Я тяготился ложью. Разыгрывать письмоносца становилось все сложнее. Ко всему тому это претило моей гордости. Но мой наивный обман был раскрыт весьма вскоре. Как-то раз Ярослав Ярославович позвонил мне домой среди дня, и мать простодушно сказала, что я в школе. Мне чудился худсовет с последующим остракизмом. Мир врагов Студии раскрывал грязные объятия. Однако Мастер (сколько добра в этом человеке!) нашел силы простить меня.
Близко к концу первого сезона мне пришлось все-таки оставить Студию по причине школьной неуспеваемости, но, опять-таки, я вышел сухим из воды. Мне присвоили почетное звание «друга Студии» — что-то вроде старческого ордена. Я оставался в праве приходить на спектакли и общаться со студийцами. По окончании школы мне следовало бы поступить в актерский институт, но об этом и помыслить было страшно — это означало навсегда прервать духовную связь с «Теамас». Со слов Ярослава Ярославовича, не было предательства гаже, чем обучаться актерской профессии у государства.
К тому же мне было боязно своего, как мне казалось, убогого дарования. Что бы ни говорили зрители и даже сам Мастер, мне мнилось, что я бездарен, и лишь умею всех провести. Родители были настроены категорически. Стоило пискнуть, что я хотел бы поступить в институт Культуры (единственный открытый для меня вуз — в нем учился Мастер «Теамас»), как мать издала звук, страшнейший ангельских труб.
— Ты хочешь быть… — она говорила низко, словно набирая разгон. Воздух у нее вышел, она еще вдохнула глубоко и взвизгнула: — Массовиком-затейником?!
И бабушка Ольга Федоровна, патетично гремя посудой, вставила свое:
— Клоуном?!
Родители всегда были снисходительны ко мне. Но в иных случаях связываться с ними становилось опасно.
Я поступил на филологический факультет N — ского института имени Ленина — был фестивальный год, и экзамены в МГУ перенесли на неприятное время. Раньше МГУ принимал на полмесяца раньше, так что можно было, провалившись, перекинуть документы в другой институт. Теперь же, из-за фестиваля, все объявляли конкурс впопыхах, одновременно, и смухлевать не удавалось. Поступить на филфак представлялось наиболее легким — читал я стараниями бабушки ОФ много, был здравомыслящ и язык у меня, слава богу, без костей. Да и без того меня взяли бы — просто, что называется цинически, «за штаны». По той поре декан, профессор Янбулатов, в борьбе за половое здоровье факультета, брал всех абитуриентов мужского пола, — в истории вуза они остались как «янбулатовские мальчики». По большей части это были угрюмые отпрыски плебейских семей, отчисляемые с первого курса за безграмотность. Мне удалось набрать проходной «женский» балл — с одной четверкой.
Едва были сданы экзамены, обозначилась тоска по Студии, и я подал прошение восстановить меня в актерской группе.
Совет вынес резолюцию:
«Рассмотрев просьбу Арсения Ечеистова о восстановлении его в „Теамас“ постановить:
зачислить Арсения Ечеистова в звании стажера с испытательным сроком в полгода.

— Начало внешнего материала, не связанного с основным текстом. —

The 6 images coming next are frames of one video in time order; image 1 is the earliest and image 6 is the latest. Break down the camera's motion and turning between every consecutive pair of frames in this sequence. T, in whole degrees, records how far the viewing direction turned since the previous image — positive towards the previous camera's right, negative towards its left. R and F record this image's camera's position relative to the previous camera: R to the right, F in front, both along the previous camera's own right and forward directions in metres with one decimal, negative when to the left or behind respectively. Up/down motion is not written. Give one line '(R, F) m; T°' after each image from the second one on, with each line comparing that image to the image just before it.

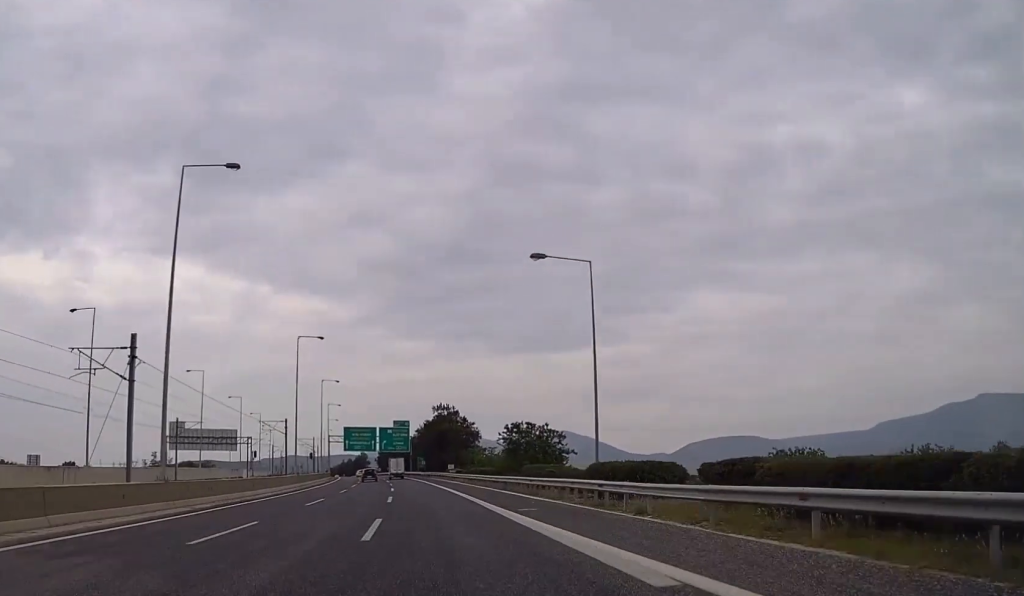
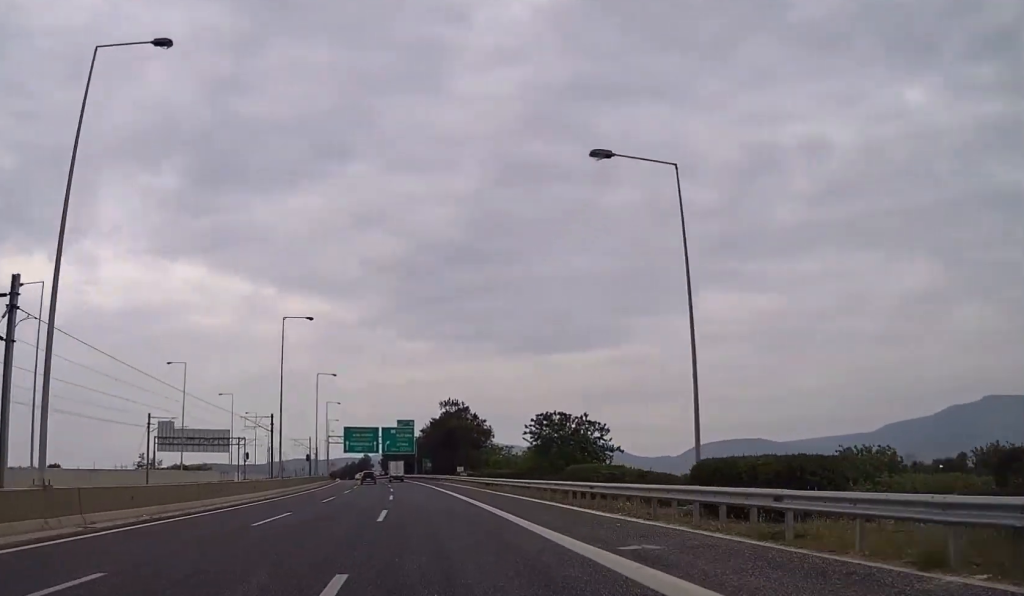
(0.0, +11.4) m; 0°
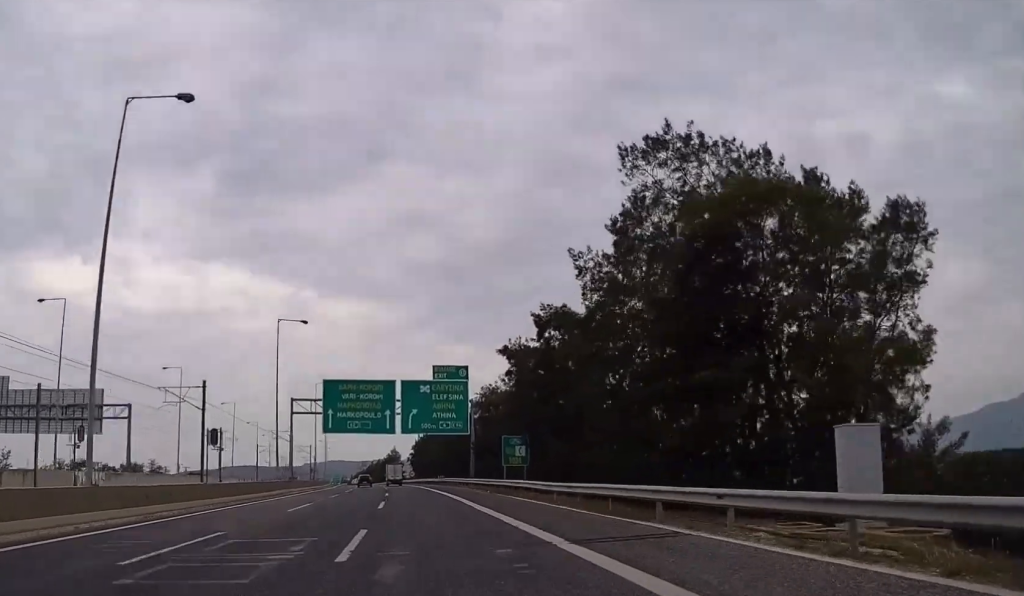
(-2.0, +82.4) m; -3°
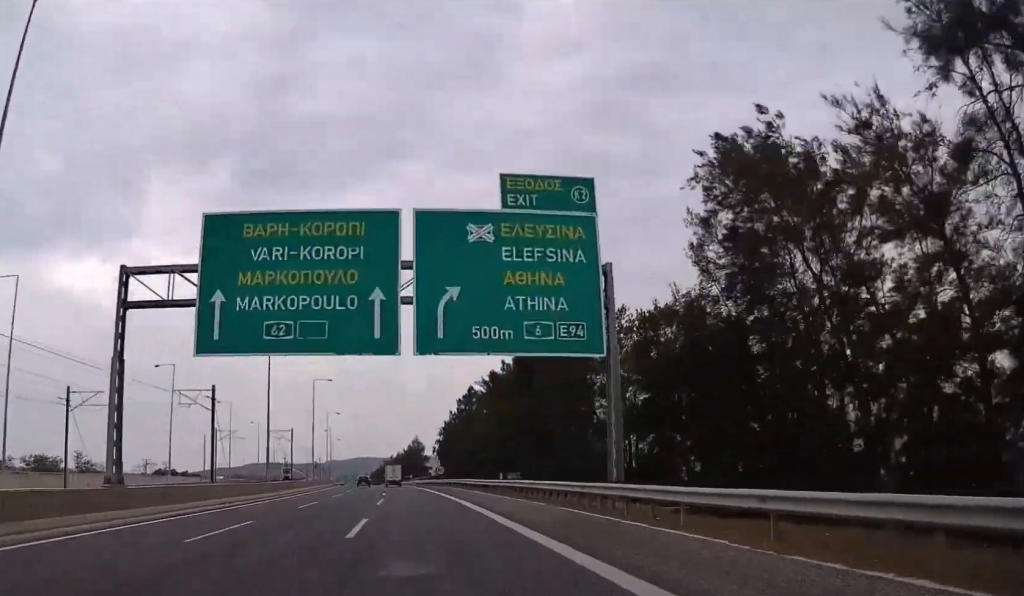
(-0.8, +49.3) m; -2°
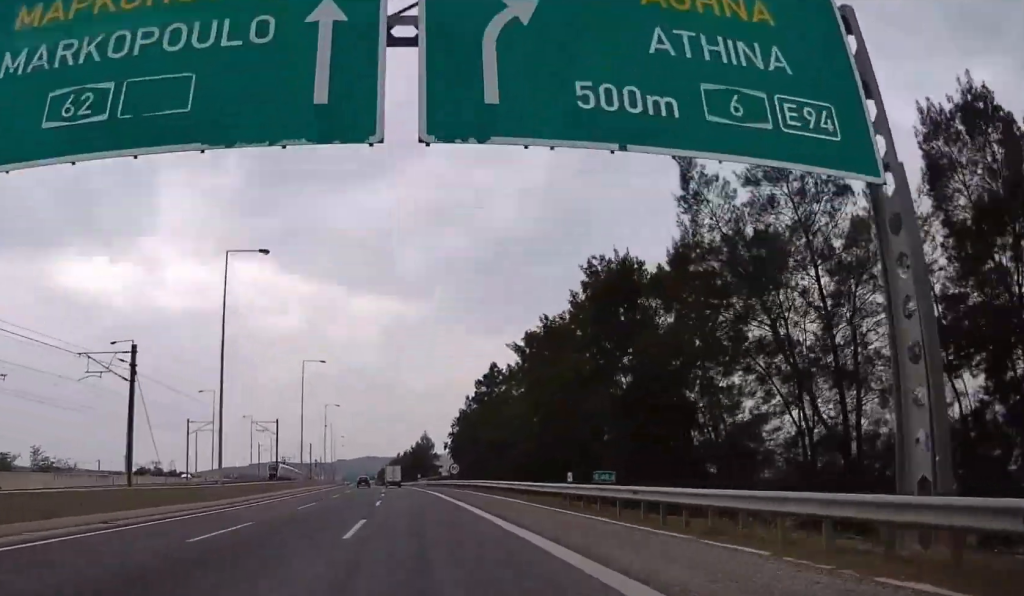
(0.0, +18.0) m; -1°
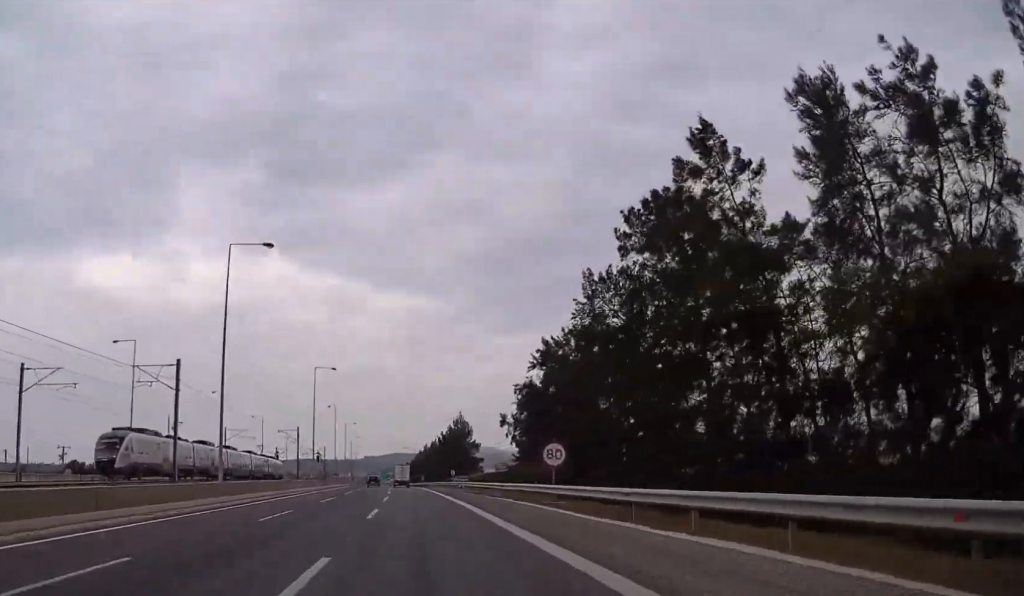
(-1.0, +46.5) m; -2°

В случае недостойного поведения Арсения Ечеистова — исключение из „Теамас“ без права восстановления в актерской группе.
В случае протеста со стороны родственников — автоматическое исключение из „Теамас“ без права восстановления в актерской группе.
Вторичный уход из „Теамас“ — исключение без права восстановления.

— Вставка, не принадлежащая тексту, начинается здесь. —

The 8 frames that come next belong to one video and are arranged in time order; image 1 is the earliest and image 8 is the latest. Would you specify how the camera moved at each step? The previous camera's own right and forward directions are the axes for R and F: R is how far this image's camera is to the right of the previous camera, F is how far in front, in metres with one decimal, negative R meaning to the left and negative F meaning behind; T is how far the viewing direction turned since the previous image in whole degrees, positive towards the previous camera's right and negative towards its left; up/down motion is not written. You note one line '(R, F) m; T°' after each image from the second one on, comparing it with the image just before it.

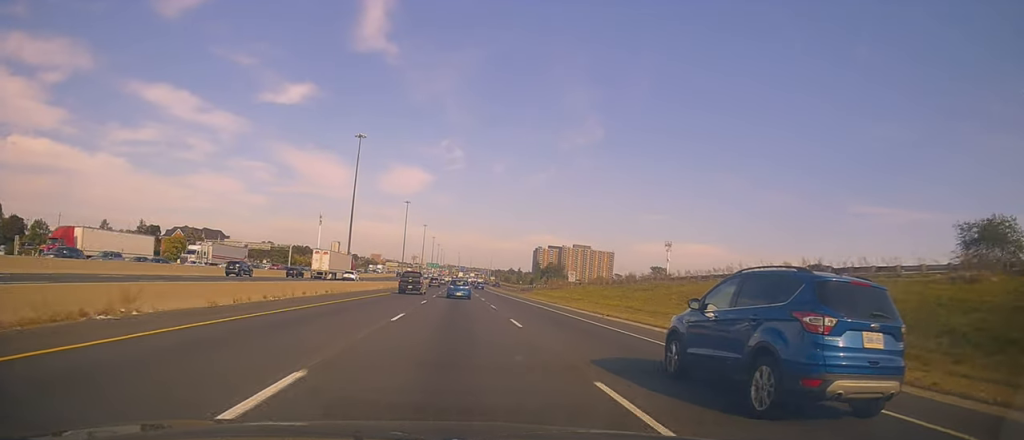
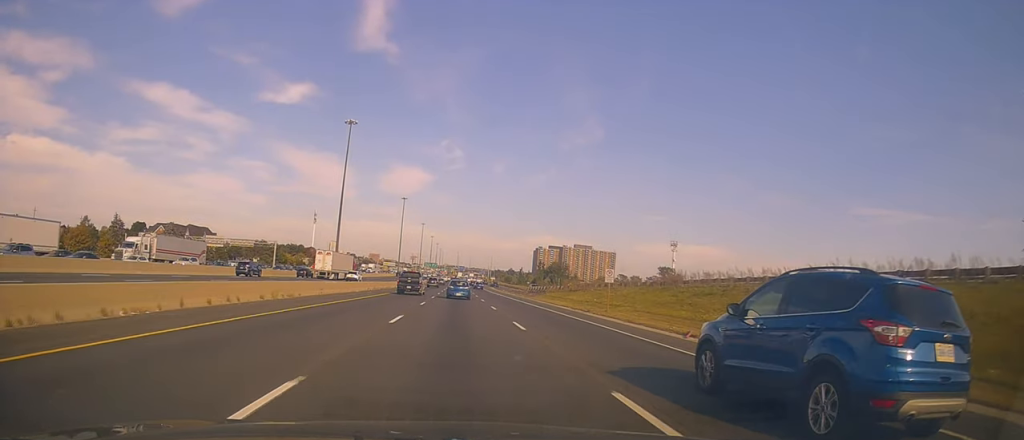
(+0.6, +13.3) m; +1°
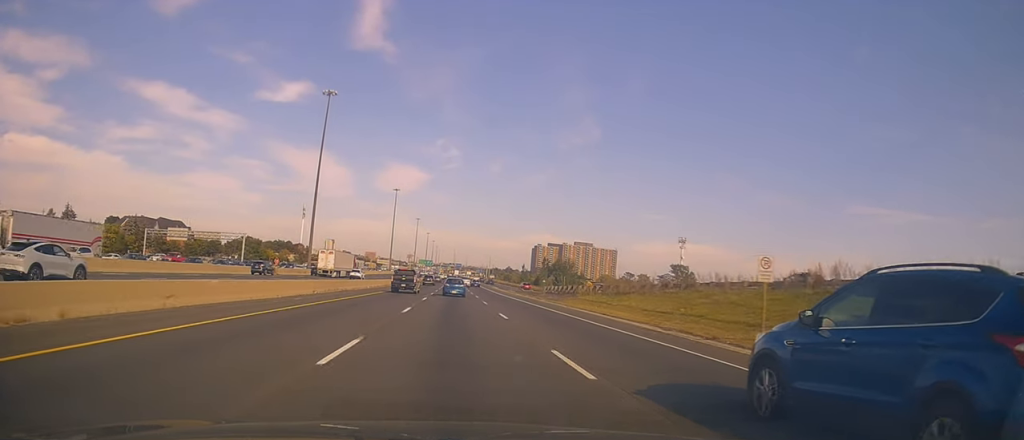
(-0.1, +21.3) m; -2°
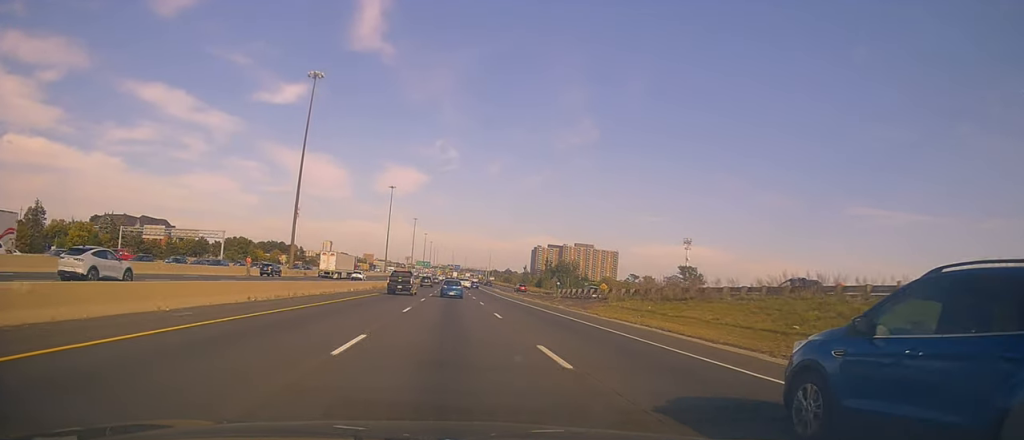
(-0.2, +11.6) m; -1°
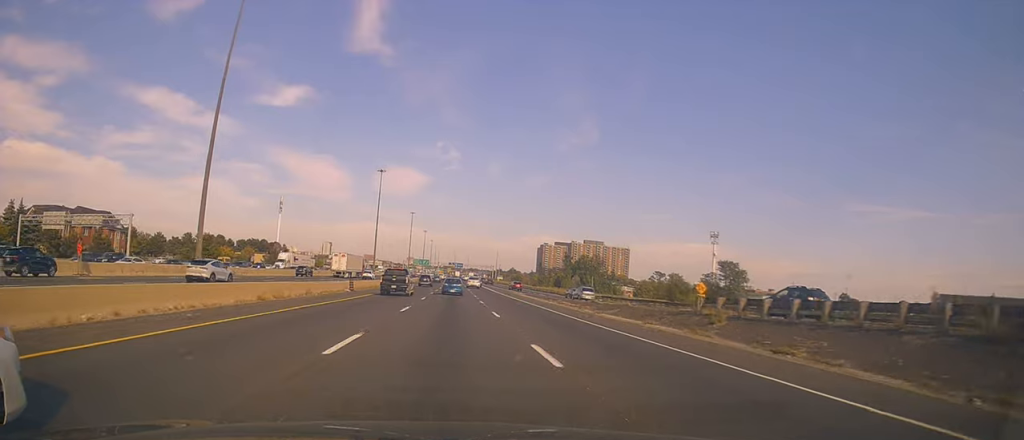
(+0.9, +37.7) m; +2°
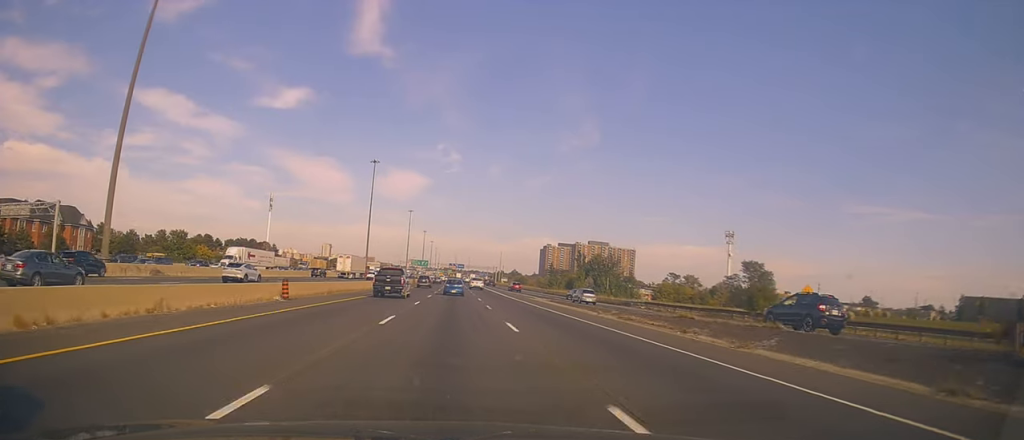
(-0.5, +18.4) m; -1°
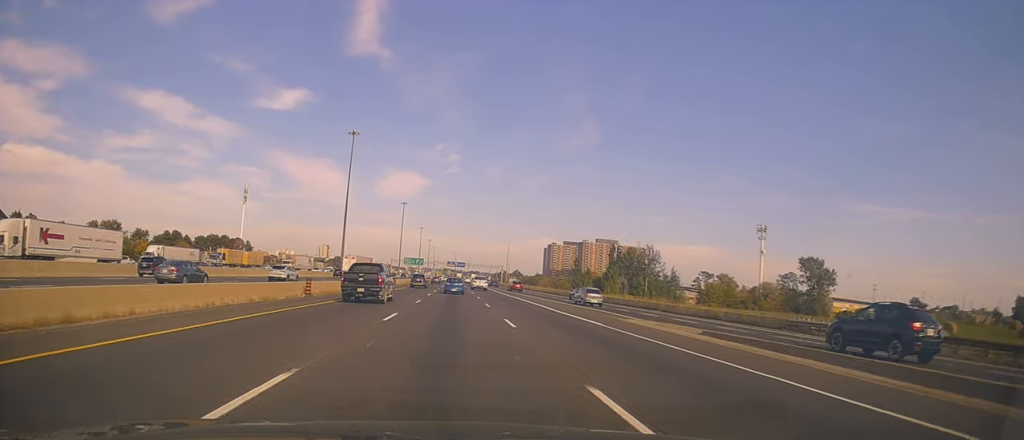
(+0.6, +35.9) m; +2°
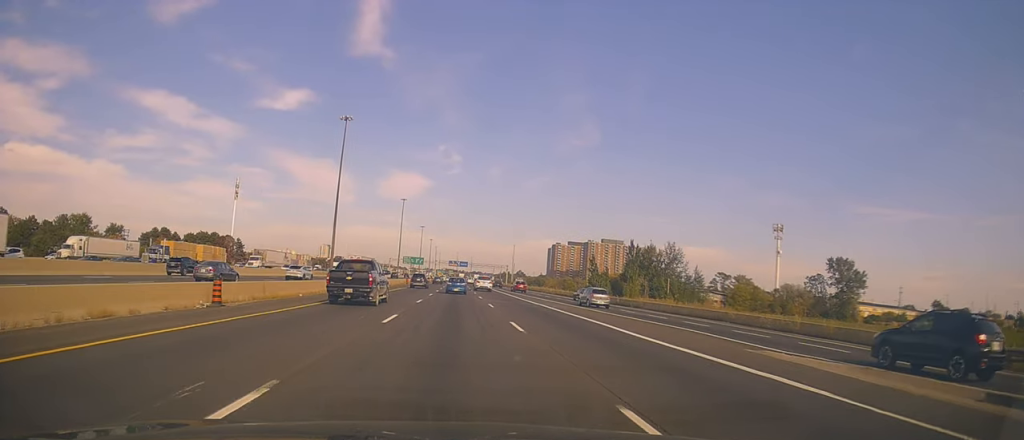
(+0.2, +13.8) m; 0°

Худсовет желает Арсению Ечеистову и дальше отстаивать свои убеждения так, как он это делал на худсовете».
Вновь в мою жизнь вернулась сцена, которую я так любил, прокуренный взгляд, которого я так боялся, и я, разбрызгивая умиленные слезы, вновь засел за свой сусально-карамельный дневник.
Но уже писалось не больно-то. Какая-то х…йня закралась в Датское королевство.